**What you are asked to do**
What is needed is the run of lines from the one with "<g fill='none' stroke='#EEEEEE'" through the close of the data, set down exactly.

[Items from a data source]
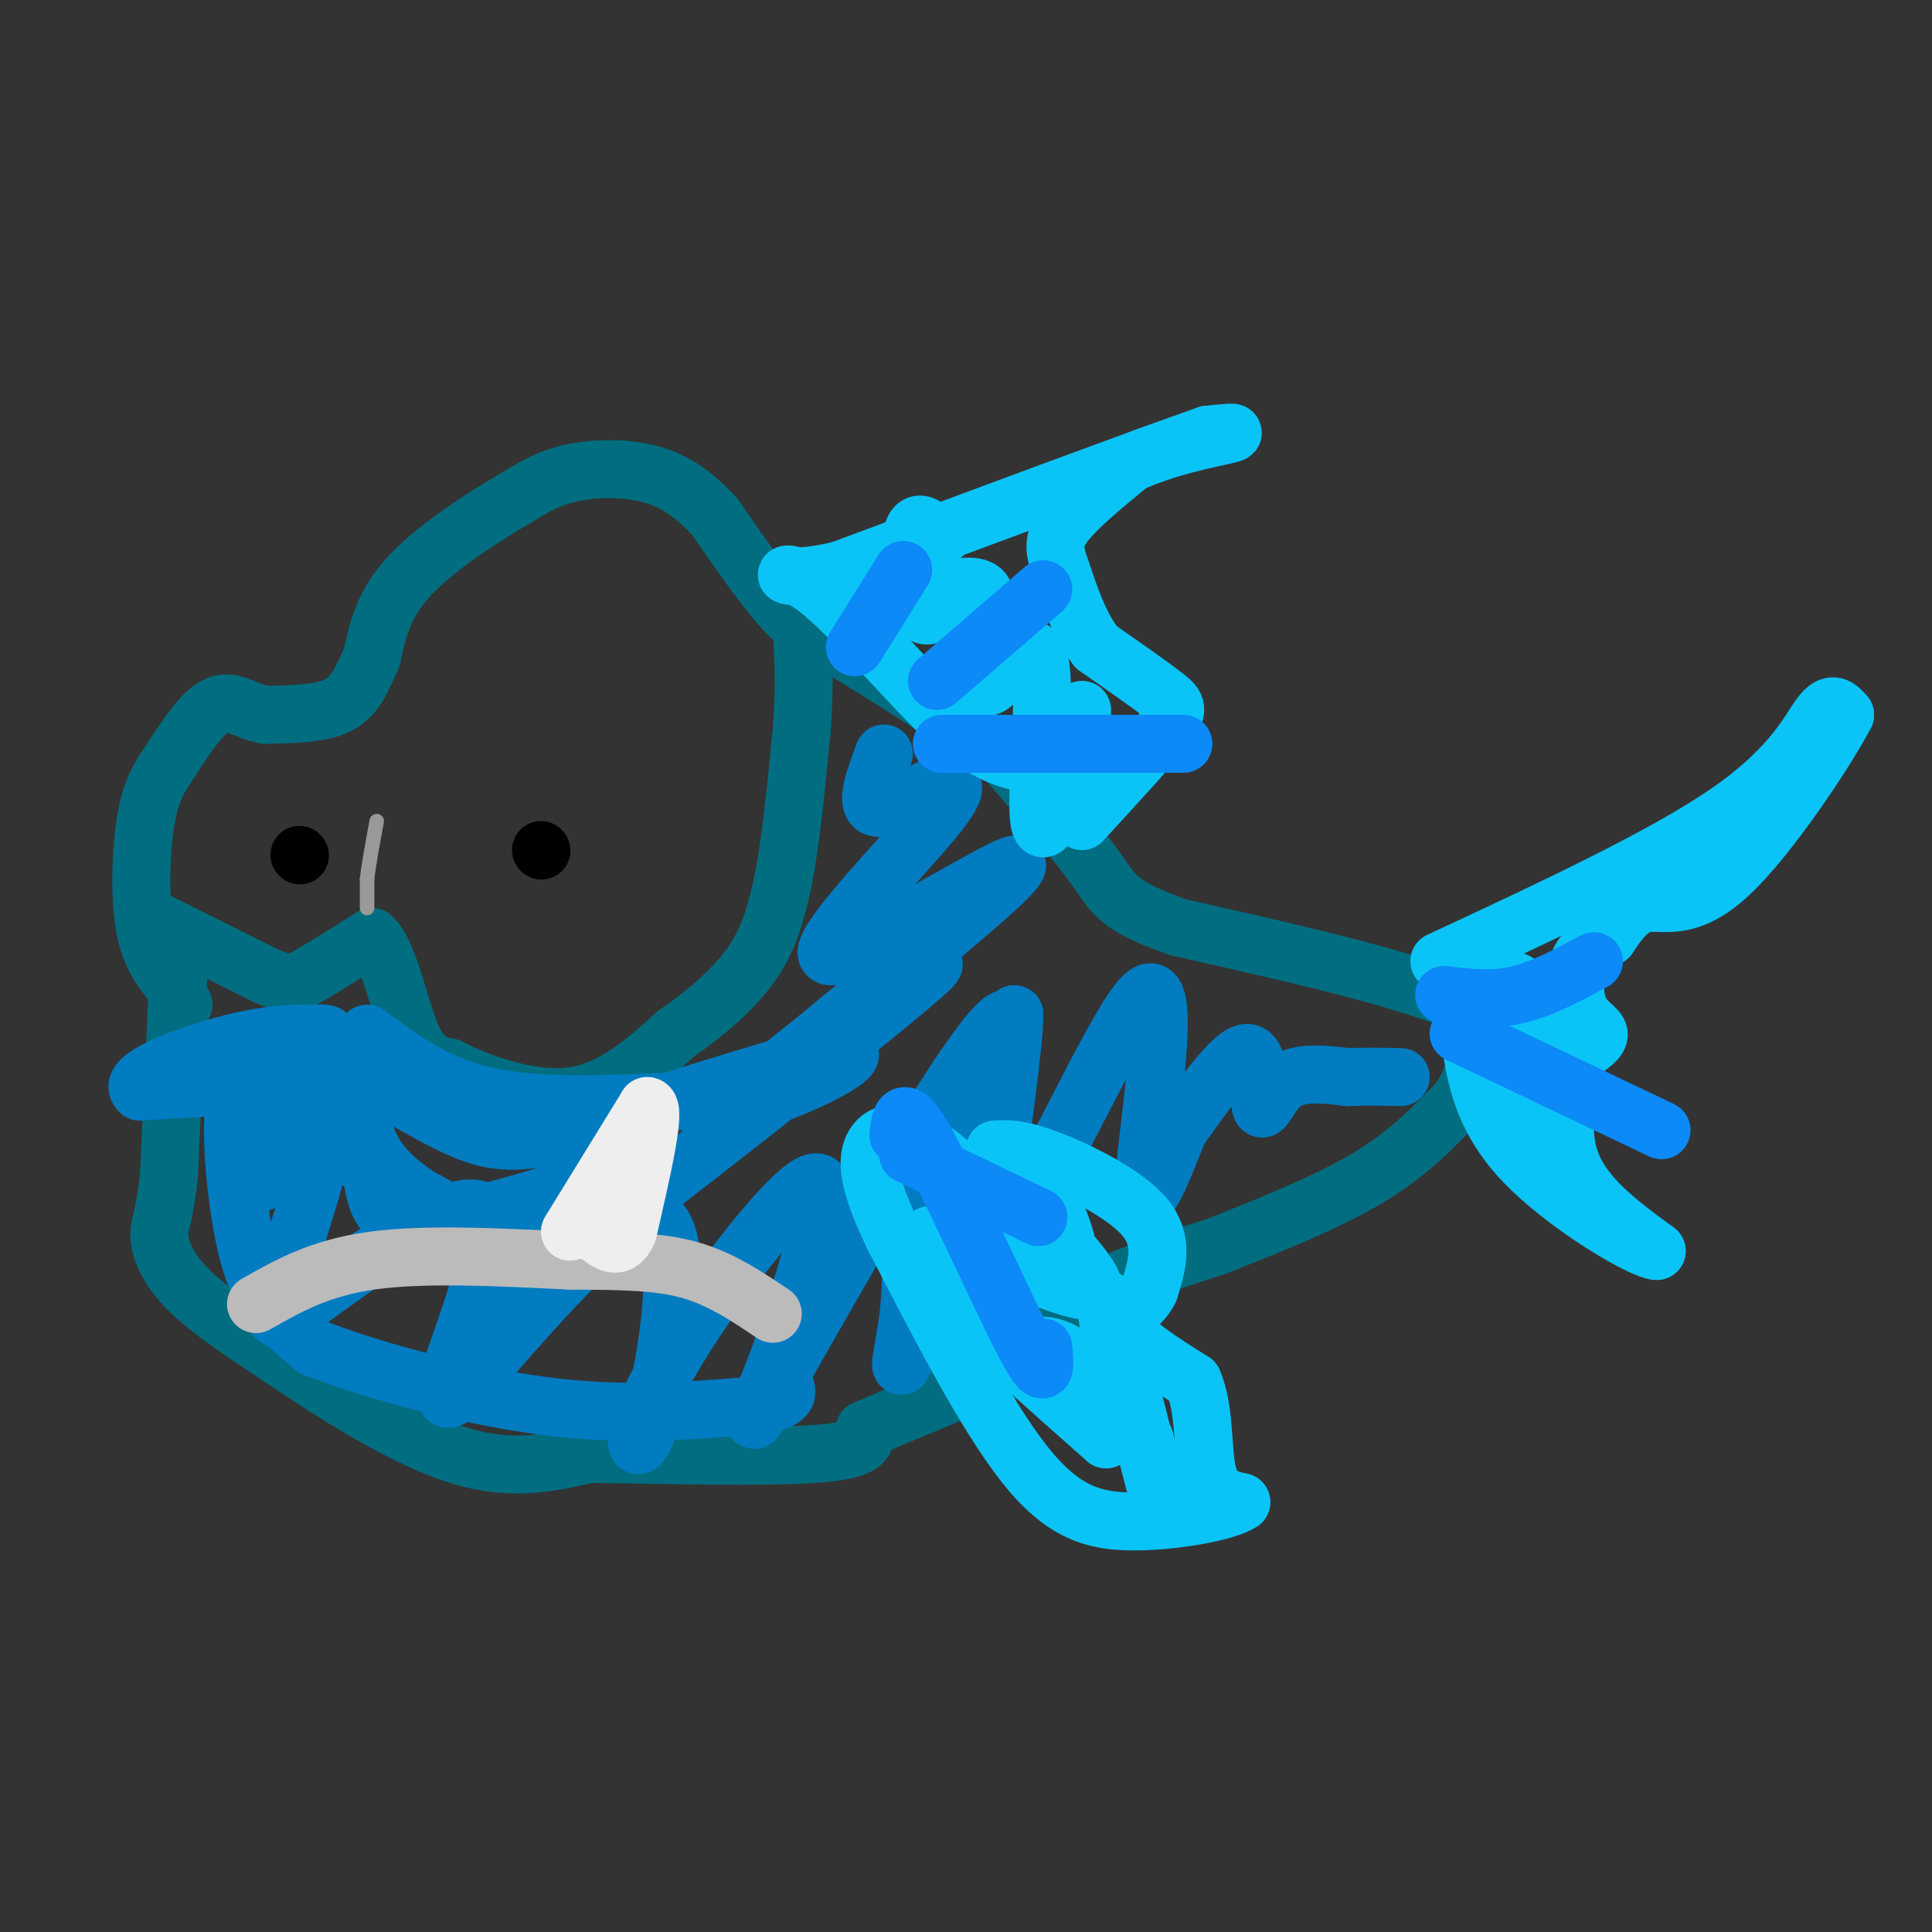 <svg viewBox='0 0 400 400' version='1.1' xmlns='http://www.w3.org/2000/svg' xmlns:xlink='http://www.w3.org/1999/xlink'><rect x="0" y="0" width="400" height="400" fill="#333333" stroke="none"/><g fill='none' stroke='#006E80' stroke-width='12' stroke-linecap='round' stroke-linejoin='round'><path d='M37,200c0.000,0.000 -2.000,43.000 -2,43'/><path d='M35,243c-0.893,9.107 -2.125,10.375 -2,13c0.125,2.625 1.607,6.607 6,11c4.393,4.393 11.696,9.196 19,14'/><path d='M58,281c9.711,6.622 24.489,16.178 36,20c11.511,3.822 19.756,1.911 28,0'/><path d='M122,301c14.356,0.222 36.244,0.778 47,0c10.756,-0.778 10.378,-2.889 10,-5'/><path d='M179,296c6.500,-2.833 17.750,-7.417 29,-12'/><path d='M208,284c6.289,-4.444 7.511,-9.556 14,-14c6.489,-4.444 18.244,-8.222 30,-12'/><path d='M252,258c10.711,-4.267 22.489,-8.933 31,-14c8.511,-5.067 13.756,-10.533 19,-16'/><path d='M302,228c4.000,-5.667 4.500,-11.833 5,-18'/><path d='M307,210c-9.667,-6.000 -36.333,-12.000 -63,-18'/><path d='M244,192c-12.778,-4.489 -13.222,-6.711 -17,-12c-3.778,-5.289 -10.889,-13.644 -18,-22'/><path d='M209,158c-8.333,-7.333 -20.167,-14.667 -32,-22'/><path d='M177,136c-7.422,-4.533 -9.978,-4.867 -14,-9c-4.022,-4.133 -9.511,-12.067 -15,-20'/><path d='M148,107c-4.667,-5.071 -8.833,-7.750 -14,-9c-5.167,-1.250 -11.333,-1.071 -16,0c-4.667,1.071 -7.833,3.036 -11,5'/><path d='M107,103c-6.244,3.578 -16.356,10.022 -22,16c-5.644,5.978 -6.822,11.489 -8,17'/><path d='M77,136c-2.133,4.778 -3.467,8.222 -7,10c-3.533,1.778 -9.267,1.889 -15,2'/><path d='M55,148c-4.111,-0.667 -6.889,-3.333 -10,-2c-3.111,1.333 -6.556,6.667 -10,12'/><path d='M35,158c-2.607,3.690 -4.125,6.917 -5,13c-0.875,6.083 -1.107,15.024 0,21c1.107,5.976 3.554,8.988 6,12'/><path d='M36,204c1.333,2.667 1.667,3.333 2,4'/><path d='M33,191c0.000,0.000 22.000,11.000 22,11'/><path d='M55,202c4.844,2.067 5.956,1.733 9,0c3.044,-1.733 8.022,-4.867 13,-8'/><path d='M77,194c3.444,2.889 5.556,14.111 8,20c2.444,5.889 5.222,6.444 8,7'/><path d='M93,221c5.822,3.000 16.378,7.000 25,6c8.622,-1.000 15.311,-7.000 22,-13'/><path d='M140,214c6.711,-4.644 12.489,-9.756 16,-15c3.511,-5.244 4.756,-10.622 6,-16'/><path d='M162,183c1.667,-8.000 2.833,-20.000 4,-32'/><path d='M166,151c0.667,-8.833 0.333,-14.917 0,-21'/><path d='M166,130c-0.333,-4.000 -1.167,-3.500 -2,-3'/></g>
<g fill='none' stroke='#000000' stroke-width='12' stroke-linecap='round' stroke-linejoin='round'><path d='M112,176c0.000,0.000 0.100,0.100 0.1,0.1'/><path d='M62,177c0.000,0.000 0.100,0.100 0.1,0.1'/></g>
<g fill='none' stroke='#017CC1' stroke-width='12' stroke-linecap='round' stroke-linejoin='round'><path d='M183,156c-1.833,4.917 -3.667,9.833 -2,11c1.667,1.167 6.833,-1.417 12,-4'/><path d='M193,163c3.850,-1.136 7.475,-1.974 0,7c-7.475,8.974 -26.051,27.762 -21,28c5.051,0.238 33.729,-18.075 38,-19c4.271,-0.925 -15.864,15.537 -36,32'/><path d='M174,211c-10.093,8.463 -17.324,13.619 -8,7c9.324,-6.619 35.203,-25.013 25,-16c-10.203,9.013 -56.486,45.432 -75,59c-18.514,13.568 -9.257,4.284 0,-5'/><path d='M116,256c3.990,-4.104 13.967,-11.863 7,-11c-6.967,0.863 -30.876,10.348 -40,8c-9.124,-2.348 -3.464,-16.528 -10,-23c-6.536,-6.472 -25.268,-5.236 -44,-4'/><path d='M29,226c-3.451,-2.776 9.921,-7.716 19,-10c9.079,-2.284 13.867,-1.911 17,-2c3.133,-0.089 4.613,-0.639 1,6c-3.613,6.639 -12.318,20.468 -13,24c-0.682,3.532 6.659,-3.234 14,-10'/><path d='M67,234c0.152,5.521 -6.468,24.325 -9,33c-2.532,8.675 -0.978,7.222 9,0c9.978,-7.222 28.379,-20.214 33,-16c4.621,4.214 -4.537,25.632 -7,34c-2.463,8.368 1.768,3.684 6,-1'/><path d='M99,284c8.977,-9.821 28.419,-33.872 36,-32c7.581,1.872 3.300,29.667 0,41c-3.300,11.333 -5.619,6.205 2,-8c7.619,-14.205 25.177,-37.487 31,-40c5.823,-2.513 -0.088,15.744 -6,34'/><path d='M162,279c-3.983,11.787 -10.941,24.255 0,5c10.941,-19.255 39.780,-70.234 46,-73c6.220,-2.766 -10.179,42.682 -17,61c-6.821,18.318 -4.066,9.508 -3,1c1.066,-8.508 0.441,-16.714 1,-23c0.559,-6.286 2.303,-10.653 6,-17c3.697,-6.347 9.349,-14.673 15,-23'/><path d='M210,210c0.088,10.222 -7.193,47.276 -2,45c5.193,-2.276 22.860,-43.882 29,-49c6.140,-5.118 0.754,26.252 0,37c-0.754,10.748 3.123,0.874 7,-9'/><path d='M244,234c4.110,-5.759 10.885,-15.657 14,-16c3.115,-0.343 2.569,8.869 3,11c0.431,2.131 1.837,-2.820 5,-5c3.163,-2.180 8.081,-1.590 13,-1'/><path d='M279,223c4.000,-0.167 7.500,-0.083 11,0'/></g>
<g fill='none' stroke='#0BC4F7' stroke-width='12' stroke-linecap='round' stroke-linejoin='round'><path d='M298,199c23.333,-10.867 46.667,-21.733 60,-31c13.333,-9.267 16.667,-16.933 19,-20c2.333,-3.067 3.667,-1.533 5,0'/><path d='M382,148c-3.738,7.190 -15.583,25.167 -24,33c-8.417,7.833 -13.405,5.524 -17,6c-3.595,0.476 -5.798,3.738 -8,7'/><path d='M333,194c-2.520,1.676 -4.820,2.367 -6,5c-1.180,2.633 -1.241,7.209 0,10c1.241,2.791 3.783,3.797 4,5c0.217,1.203 -1.892,2.601 -4,4'/><path d='M327,218c-1.867,4.667 -4.533,14.333 -2,22c2.533,7.667 10.267,13.333 18,19'/><path d='M343,259c-2.933,-0.022 -19.267,-9.578 -28,-19c-8.733,-9.422 -9.867,-18.711 -11,-28'/><path d='M304,212c0.689,-7.200 7.911,-11.200 11,-8c3.089,3.200 2.044,13.600 1,24'/><path d='M316,228c0.778,4.578 2.222,4.022 2,2c-0.222,-2.022 -2.111,-5.511 -4,-9'/><path d='M224,170c6.867,-7.467 13.733,-14.933 17,-19c3.267,-4.067 2.933,-4.733 0,-7c-2.933,-2.267 -8.467,-6.133 -14,-10'/><path d='M227,134c-3.583,-4.500 -5.542,-10.750 -7,-15c-1.458,-4.250 -2.417,-6.500 0,-10c2.417,-3.500 8.208,-8.250 14,-13'/><path d='M234,96c6.800,-3.356 16.800,-5.244 20,-6c3.200,-0.756 -0.400,-0.378 -4,0'/><path d='M250,90c-13.333,4.667 -44.667,16.333 -76,28'/><path d='M174,118c-14.524,3.524 -12.833,-1.667 -6,3c6.833,4.667 18.810,19.190 27,27c8.190,7.810 12.595,8.905 17,10'/><path d='M212,158c4.778,3.911 8.222,8.689 10,7c1.778,-1.689 1.889,-9.844 2,-18'/><path d='M224,147c-0.251,-0.020 -1.879,8.931 -4,16c-2.121,7.069 -4.733,12.256 -5,5c-0.267,-7.256 1.813,-26.953 0,-32c-1.813,-5.047 -7.518,4.558 -10,6c-2.482,1.442 -1.741,-5.279 -1,-12'/><path d='M204,130c0.088,-3.667 0.808,-6.835 -1,-8c-1.808,-1.165 -6.145,-0.326 -8,1c-1.855,1.326 -1.229,3.139 -2,4c-0.771,0.861 -2.938,0.770 -4,-3c-1.062,-3.770 -1.018,-11.220 0,-14c1.018,-2.780 3.009,-0.890 5,1'/><path d='M194,111c1.000,0.167 1.000,0.083 1,0'/><path d='M206,238c2.444,-0.156 4.889,-0.311 11,2c6.111,2.311 15.889,7.089 20,12c4.111,4.911 2.556,9.956 1,15'/><path d='M238,267c-1.578,3.622 -6.022,5.178 -5,8c1.022,2.822 7.511,6.911 14,11'/><path d='M247,286c2.533,5.667 1.867,14.333 3,19c1.133,4.667 4.067,5.333 7,6'/><path d='M257,311c-2.845,1.988 -13.458,3.958 -22,4c-8.542,0.042 -15.012,-1.845 -23,-12c-7.988,-10.155 -17.494,-28.577 -27,-47'/><path d='M185,256c-5.498,-11.338 -5.742,-16.183 -4,-19c1.742,-2.817 5.469,-3.604 12,1c6.531,4.604 15.866,14.601 21,19c5.134,4.399 6.067,3.199 7,2'/><path d='M221,259c-0.011,-2.938 -3.539,-11.282 -6,-14c-2.461,-2.718 -3.855,0.191 0,6c3.855,5.809 12.959,14.517 11,16c-1.959,1.483 -14.979,-4.258 -28,-10'/><path d='M198,257c-5.679,-1.917 -5.875,-1.708 -6,0c-0.125,1.708 -0.179,4.917 6,12c6.179,7.083 18.589,18.042 31,29'/><path d='M229,298c4.250,-4.155 -0.625,-29.042 0,-29c0.625,0.042 6.750,25.012 9,34c2.250,8.988 0.625,1.994 -1,-5'/><path d='M237,298c-2.956,-4.511 -9.844,-13.289 -15,-17c-5.156,-3.711 -8.578,-2.356 -12,-1'/></g>
<g fill='none' stroke='#0B8AF8' stroke-width='12' stroke-linecap='round' stroke-linejoin='round'><path d='M186,235c0.400,-3.689 0.800,-7.378 6,2c5.200,9.378 15.200,31.822 20,41c4.800,9.178 4.400,5.089 4,1'/><path d='M188,239c0.000,0.000 27.000,13.000 27,13'/><path d='M177,134c0.000,0.000 10.000,-16.000 10,-16'/><path d='M194,141c0.000,0.000 22.000,-19.000 22,-19'/><path d='M195,154c0.000,0.000 50.000,0.000 50,0'/><path d='M299,206c4.917,0.583 9.833,1.167 15,0c5.167,-1.167 10.583,-4.083 16,-7'/><path d='M302,214c0.000,0.000 42.000,20.000 42,20'/></g>
<g fill='none' stroke='#017CC1' stroke-width='12' stroke-linecap='round' stroke-linejoin='round'><path d='M76,214c7.167,5.333 14.333,10.667 25,13c10.667,2.333 24.833,1.667 39,1'/><path d='M140,228c9.655,0.369 14.292,0.792 22,-2c7.708,-2.792 18.488,-8.798 12,-8c-6.488,0.798 -30.244,8.399 -54,16'/><path d='M120,234c-12.711,3.067 -17.489,2.733 -24,0c-6.511,-2.733 -14.756,-7.867 -23,-13'/><path d='M73,221c-3.486,-0.660 -0.702,4.191 1,9c1.702,4.809 2.322,9.578 9,15c6.678,5.422 19.413,11.498 17,10c-2.413,-1.498 -19.975,-10.571 -28,-16c-8.025,-5.429 -6.512,-7.215 -5,-9'/><path d='M67,230c-2.111,-3.089 -4.889,-6.311 -8,-7c-3.111,-0.689 -6.556,1.156 -10,3'/><path d='M49,226c-1.571,5.667 -0.500,18.333 1,27c1.500,8.667 3.429,13.333 6,17c2.571,3.667 5.786,6.333 9,9'/><path d='M65,279c9.889,4.067 30.111,9.733 47,12c16.889,2.267 30.444,1.133 44,0'/><path d='M156,291c8.333,-0.833 7.167,-2.917 6,-5'/></g>
<g fill='none' stroke='#BBBBBB' stroke-width='12' stroke-linecap='round' stroke-linejoin='round'><path d='M53,270c6.583,-3.750 13.167,-7.500 24,-9c10.833,-1.500 25.917,-0.750 41,0'/><path d='M118,261c11.178,0.044 18.622,0.156 25,2c6.378,1.844 11.689,5.422 17,9'/></g>
<g fill='none' stroke='#EEEEEE' stroke-width='12' stroke-linecap='round' stroke-linejoin='round'><path d='M118,255c0.000,0.000 16.000,-26.000 16,-26'/><path d='M134,229c2.000,0.000 -1.000,13.000 -4,26'/><path d='M130,255c-1.833,4.333 -4.417,2.167 -7,0'/><path d='M123,255c-1.167,0.000 -0.583,0.000 0,0'/></g>
<g fill='none' stroke='#999999' stroke-width='3' stroke-linecap='round' stroke-linejoin='round'><path d='M76,188c0.000,0.000 0.000,-6.000 0,-6'/><path d='M76,182c0.333,-3.000 1.167,-7.500 2,-12'/></g>
</svg>

**Solution to this task**
<g fill='none' stroke='#EEEEEE' stroke-width='12' stroke-linecap='round' stroke-linejoin='round'><path d='M118,255c0.000,0.000 16.000,-26.000 16,-26'/><path d='M134,229c2.000,0.000 -1.000,13.000 -4,26'/><path d='M130,255c-1.833,4.333 -4.417,2.167 -7,0'/><path d='M123,255c-1.167,0.000 -0.583,0.000 0,0'/></g>
<g fill='none' stroke='#999999' stroke-width='3' stroke-linecap='round' stroke-linejoin='round'><path d='M76,188c0.000,0.000 0.000,-6.000 0,-6'/><path d='M76,182c0.333,-3.000 1.167,-7.500 2,-12'/></g>
</svg>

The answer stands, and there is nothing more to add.